# Model T of antique bikes?



## Balloonoob (Feb 18, 2020)

What would be considered the model t or Mustang of turn of the century bicycles? I'm guessing it would wear a Columbia badge? Just wondering if, as with cars, there are models with higher production numbers that can be had at a lower cost than others. Perhaps a more standard model without the bells and whistles.


----------



## Balloonoob (Feb 18, 2020)

I guess I should clarify I'm not talking high wheels. I have seen the phrase "standard of the world". Was the "standard" a model name? Was chain drive or gear driven toc bikes more common? Which are typically more reliable? I know.... So many questions.... Haha.


----------



## 49autocycledeluxe (Feb 18, 2020)

the Model T put a car in the price range of regular folks. I don't think there was a bicycle like that.


----------



## Freqman1 (Feb 18, 2020)

To answer part of your question how many shaft drive bicycles do you see around? V/r Shawn


----------



## bentwoody66 (Feb 18, 2020)

I see more pictures of Crescent bikes from that time period than any other.
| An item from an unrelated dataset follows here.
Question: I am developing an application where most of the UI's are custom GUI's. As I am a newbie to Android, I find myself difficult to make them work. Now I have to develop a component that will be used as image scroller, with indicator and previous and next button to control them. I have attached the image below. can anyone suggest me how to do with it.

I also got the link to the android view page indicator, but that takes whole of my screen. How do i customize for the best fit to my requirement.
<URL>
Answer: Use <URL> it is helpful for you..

Sent from my SM-G950U using Tapatalk


----------



## Cooper S. (Feb 18, 2020)

Probably a mead ranger or an Elgin moto


----------



## PCHiggin (Feb 18, 2020)

49autocycledeluxe said:


> the Model T put a car in the price range of regular folks. I don't think there was a bicycle like that.
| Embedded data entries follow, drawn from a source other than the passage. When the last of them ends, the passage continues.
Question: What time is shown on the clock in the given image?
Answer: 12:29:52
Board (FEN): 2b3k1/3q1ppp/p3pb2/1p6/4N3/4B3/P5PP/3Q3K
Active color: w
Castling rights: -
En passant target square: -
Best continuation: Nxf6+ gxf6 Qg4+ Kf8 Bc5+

X2,Bicycles were expensive back then


----------



## Balloonoob (Feb 18, 2020)

Cooper S. said:


> Probably a mead ranger or an Elgin moto



If Mead rangers or Elgin motobikes were produced post 1910i don't really consider them toc.


----------



## Balloonoob (Feb 18, 2020)

Freqman1 said:


> To answer part of your question how many shaft drive bicycles do you see around? V/r Shawn



That's a great question. I have seen none in the Denver area. Here are the oldest 2 i have seen. A truss frame iver Johnson owned by a bada$$ and somewhat lucky dude named Tony and an old hawthorne owned by an  even cooler and older dude named Blu.  And well.. A 1919? Truss frame bike owned by Eric which i don't have a picture of but is chain driven   .  So shaft drive equals rare.... Noted.


----------



## Cooper S. (Feb 18, 2020)

There’s just too much diversity in bike brands from the Toc to make a clear analogy to car brands. It’d be like asking what sneaker is the model t of sneakers, it’s completely apples and oranges


----------



## Andrew Gorman (Feb 18, 2020)

Sears sold Napoleon and Josephine bikes that were pretty nice and inexpensive.  But after the bicycle bust ca. 1900 it was a race to the bottom for US bike manufacturers. Iver Johnson seemed to be the last holdout making nice bikes for adults.


----------



## Freqman1 (Feb 18, 2020)

Balloonoob said:


> That's a great question. I have seen none in the Denver area. Here are the oldest 2 i have seen. A truss frame iver Johnson owned by a bada$$ and somewhat lucky dude named Tony and an old hawthorne owned by an  even cooler and older dude named Blu.  And well.. A 1919? Truss frame bike owned by Eric which i don't have a picture of but is chain driven   .  So shaft drive equals rare.... Noted.
> 
> View attachment 1142160
> 
> ...



Actually the point to my answer was that chain drive was both more common and more reliable. A chain drive system has more tolerance than a gear drive system. V/r Shawn


----------



## Balloonoob (Feb 18, 2020)

PCHiggin said:


> X2,Bicycles were expensive back then



Bicycles were expensive back then.... From wiki : At a time when Pope charged $125 for a Columbia, Overman Wheel Company was marketing a bicycle for wage workers, who might earn $1 per day. Instead of reducing cost and price on the Columbias, Pope decided to produce a separate line to compete with Overman.[16] Around 1890, Pope started another manufacturer, Hartford Cycle Company in order to create a new line with a mid-price niche.


----------



## Rambler (Feb 18, 2020)

Balloonoob, I agree with others that the analogy between bicycles and the Model T doesn't really work because they are just too different "apples & oranges". However if you want to consider just bicycle brand production numbers with no regard to model of bicycle, I would guess that you are correct, it's probably the Columbia nameplate that would hold title to the largest number of bicycles produced prior to 1900.


----------



## Balloonoob (Feb 18, 2020)

Freqman1 said:


> Actually the point to my answer was that chain drive was both more common and more reliable. A chain drive system has more tolerance than a gear drive system. V/r Shawn



Sounds like so long as a shaft/gear drive bike has good teeth that are not ground down it can be easily adjusted for good alignment and ridden reliably   . Given the tires are reliable. I could never own a bike i could not ride.  So what do you mean by tolerance? Thanks Shawn.


----------



## Freqman1 (Feb 18, 2020)

Balloonoob said:


> Sounds like so long as a shaft/gear drive bike has good teeth that are not ground down it can be easily adjusted for good alignment and ridden reliably   . Given the tires are reliable. I could never own a bike i could not ride.  So what do you mean by tolerance? Thanks Shawn.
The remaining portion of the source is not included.